Some 20 years ago, our family dined at the Inn at Pound Ridge for some important occasion such as Easter or Mother’s Day. Pound Ridge is about 15 miles from Greenwich, just across the New York border, and a number of celebrities call this exclusive and somewhat remote area “home.” I don’t recall the menu that day, but I do remember that the restaurant was loud and that the food was relatively unappetizing. We haven’t been back since.

A friend of ours suggested that we might want to give the Inn at Pound Ridge another shot since Jean-George had taken over the kitchen and that the food and service was considerably better. It certainly has, but the noise at the Inn is still deafening – even for lunch!

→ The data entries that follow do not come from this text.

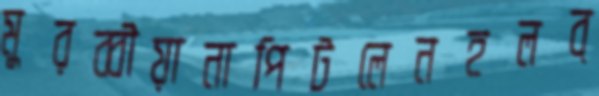
মুরব্বীয়ানাপিটলেনহলব্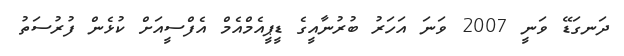
ދަނގަޑޭ ވަނީ 2007 ވަނަ އަހަރު ބުރުނާއީގެ ޑީޕީއެމްއެމް އެފްސީއަށް ކުޅެން ފުރުސަތު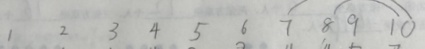
1 2 3 4 5 6 7 8 9 1 0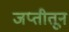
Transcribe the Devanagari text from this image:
जप्तीतून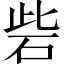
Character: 砦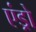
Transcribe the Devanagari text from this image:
एंड्रो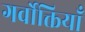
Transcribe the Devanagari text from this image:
गर्वोक्तियाँ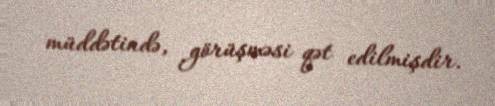
müddətində, görüşməsi qət edilmişdir.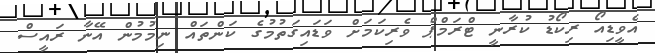
އެވީޑިއޯ ރިކޯޑު ކުރާނީ ޓްރަމްޕް ވެރިކަމަށް ވަޑައިގަތުމުގެ ކަންތައް ނިމުމުން އޭނާ ރައީސް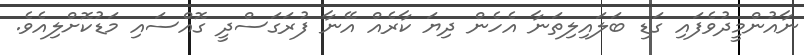
ނާއުންމީދުވެފައި ގަޑި ބަލައިލިތަނާ އެހެން ދިޔަ ކާރެއް އޭނާ ފުރަގަސްދީ ގޮއްސައި މަޑުކޮށްލިއެވެ.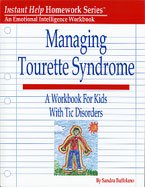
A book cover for Managing Tourette Syndrome (Instant Help Homework Series); Health, Fitness & Dieting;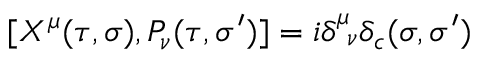
[ X ^ { \mu } ( \tau , \sigma ) , P _ { \nu } ( \tau , \sigma ^ { \prime } ) ] = i \delta _ { \ \nu } ^ { \mu } \delta _ { c } ( \sigma , \sigma ^ { \prime } )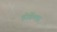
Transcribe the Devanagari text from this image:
होर्क्रेक्स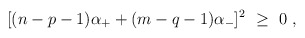
\begin{align*}[(n-p-1)\alpha_+ + (m-q-1)\alpha_-]^2\ \geq\ 0\ ,\end{align*}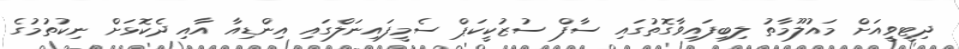
ދިޓީވީއަށް މައުލޫމާތު ލިބިފައިވާގޮތުގައި ސާފް ސުޒުކީކަޕް ސެމީފައިނަލްގައި އިންޑިއާ އާއި ދެކޮޅަށް ނިކުތުމުގެ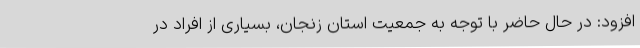
افزود: در حال حاضر با توجه به جمعیت استان زنجان، بسیاری از افراد در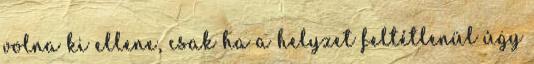
volna ki ellene, csak ha a helyzet feltétlenül úgy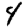
Digit: 4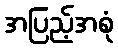
အပြည့်အစုံ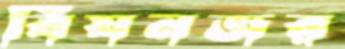
বিষনজর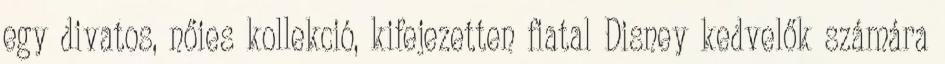
egy divatos, nőies kollekció, kifejezetten fiatal Disney kedvelők számára

Restaurant at the Inn at Pound Ridge

Now, I am always intrigued by what Jean-George is up to in the kitchen since he plates well, the food is innovative and the service excellent. The meal we were served was no exception. Now Sheila is of the opinion that you should never accept the table that is first offered you and we finally settled on a corner table “far from the maddening crowd” of chatty women celebrating someone’s birthday, engagement or promotion. (Editor’s Note: I apologize if this sounds sexist as men are equally boisterous. Nevertheless, men have the good sense to duel for attention in a pub rather than a fine restaurant.)

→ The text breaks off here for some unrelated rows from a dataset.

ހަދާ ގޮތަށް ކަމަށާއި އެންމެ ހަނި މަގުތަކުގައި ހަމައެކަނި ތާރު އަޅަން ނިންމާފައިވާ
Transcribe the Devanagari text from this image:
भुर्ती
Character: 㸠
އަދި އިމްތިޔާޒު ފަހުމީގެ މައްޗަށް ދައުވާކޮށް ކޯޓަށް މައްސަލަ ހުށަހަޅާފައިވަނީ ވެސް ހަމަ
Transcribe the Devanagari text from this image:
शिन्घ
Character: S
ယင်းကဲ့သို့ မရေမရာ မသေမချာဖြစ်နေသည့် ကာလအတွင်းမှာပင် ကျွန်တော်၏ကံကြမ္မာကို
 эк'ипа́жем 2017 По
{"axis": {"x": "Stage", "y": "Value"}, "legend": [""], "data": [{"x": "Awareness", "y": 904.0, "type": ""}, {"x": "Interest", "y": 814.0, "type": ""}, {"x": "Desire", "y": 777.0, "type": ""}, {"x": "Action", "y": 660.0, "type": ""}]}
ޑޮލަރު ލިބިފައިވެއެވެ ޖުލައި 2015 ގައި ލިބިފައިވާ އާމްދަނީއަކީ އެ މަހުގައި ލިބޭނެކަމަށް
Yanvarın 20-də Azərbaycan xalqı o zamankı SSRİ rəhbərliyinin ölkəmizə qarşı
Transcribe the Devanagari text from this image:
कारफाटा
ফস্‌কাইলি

As expected in a Jean-George restaurant, the service was impeccable: knowledgeable and personable waiters and a “wait-staff” that kept your water glass filled, re-folded the napkins if you happened to excuse yourself and always asked for permission to clear the table between courses. It is unusual to find this level of service in more than 5% of the restaurants today.

I suspect that the menu changes often at the Inn depending on the season, but the menu is extensive and there is plenty that would tempt even the most constipated gourmand. For appetizers, Sheila selected a delicious yellow-fin tuna sushi which was served over crusty rice and a tasty sauce with a hint of hot peppers. I settle for lightly-battered calamari served with a creamy Yuzo and sesame sauce. Both appetizers were excellent.

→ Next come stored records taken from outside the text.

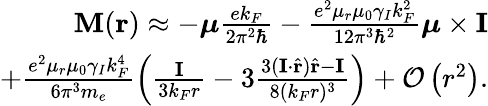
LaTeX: \begin{array}{r}{\mathbf{M}(\mathbf{r})\approx-\boldsymbol{\mu}\frac{ek_{F}}{2\pi^{2}\hbar}-\frac{e^{2}\mu_{r}\mu_{0}\gamma_{I}k_{F}^{2}}{12\pi^{3}\hbar^{2}}\boldsymbol{\mu}\times\mathbf{I}}\\ {+\frac{e^{2}\mu_{r}\mu_{0}\gamma_{I}k_{F}^{4}}{6\pi^{3}m_{e}}\left(\frac{\mathbf{I}}{3k_{F}r}-3\frac{3(\mathbf{I}\cdot\hat{\mathbf{r}})\hat{\mathbf{r}}-\mathbf{I}}{8(k_{F}r)^{3}}\right)+\mathcal{O}\left(r^{2}\right).}\end{array}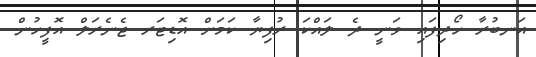
އަނބުރާ ހޯދިފައި ވަނީ ދެ ލައްކަ ރުފިޔާ ކަމަށް އޮޑިޓަރ ޖެނެރަލް އޮފީހުން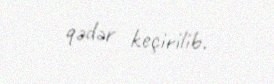
qədər keçirilib.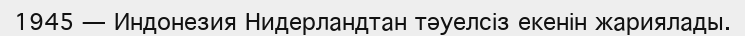
1945 — Индонезия Нидерландтан тәуелсіз екенін жариялады.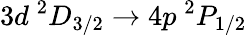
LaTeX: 3d\ ^{2}D_{3/2}\rightarrow 4p\ ^{2}P_{1/2}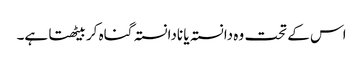
اس کے تحت وہ دانستہ یا نادانستہ گناہ کر بیٹھتا ہے۔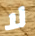
لا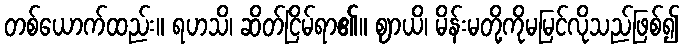
တစ်ယောက်ထည်း။ ရဟသိ၊ ဆိတ်ငြိမ်ရာ၏။ ဈာယိ၊ မိန်းမတို့ကိုမမြင်လိုသည်ဖြစ်၍

For a main course, I chose the hake served over mashed potatoes with broccoli. As I remarked to Sheila, it was the best broccoli I have ever eaten and the combination of flavors were exquisite. Sheila had a delightful hanger steak sandwich served with arugula in pita bread. It too was excellent.

Our desserts were a bit of a disappointment, and I am sure that both of us wished we had ordered Jean-George’s famous salted caramel ice cream served with popcorn and peanuts that we so enjoyed at his ABC Kitchen.

All-in-all a delightful dining experience and we will certainly return.